Q: Has this job gotten harder or easier over the years?

A: Well, fundraising has gotten harder, and so that's made the job harder. That's true for all non-profits, I think. In terms of the issues we address, laws have changed so that police have to be more responsive. And there's been a change in attitude and perception over time — society has grown to be a bit more understanding about domestic violence, but we still find those individuals who ask, Why don't you just leave? as though it should be a very simple thing do to, which it is not. I do believe that as people become more educated, and our society becomes less patriarchal over time, domestic violence can be reduced. I don't know if it will ever be eliminated. When you have a child who grows up in a home where they see it, that is hard. Anybody raised in a family where women and girls aren't valued, the children learn to live what they live. Unless you can interrupt that generational cycle of violence, it won't change.

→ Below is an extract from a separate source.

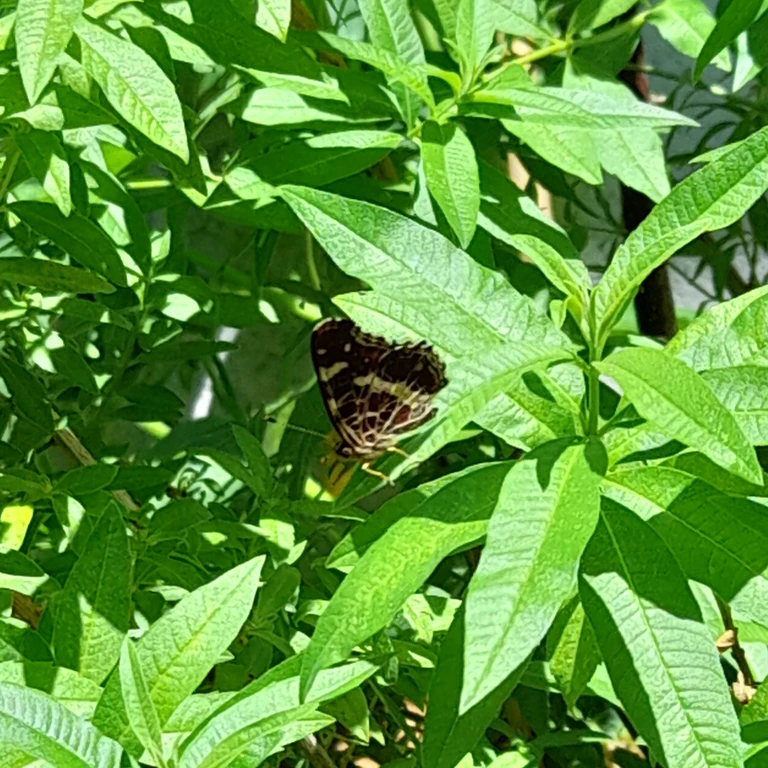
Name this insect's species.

Q: What will you miss about the job?

A: I'll miss my colleagues, and being part of the social-service network in this community. I'll miss that feeling of being part of something very critical. I like that we have the ability to help change somebody's life — to know that what you're doing has an impact on someone's future. I think that's why people go into non-profits and social work.

Q: Advice for your successor?

A: I'll be on speed dial. But try to keep balance. That's the most difficult thing. When I started, my car was first in the lot and last to leave, and I was taking work home. That's a quick path to burnout. Anybody in this job has to be able to balance and say, That is good enough for today.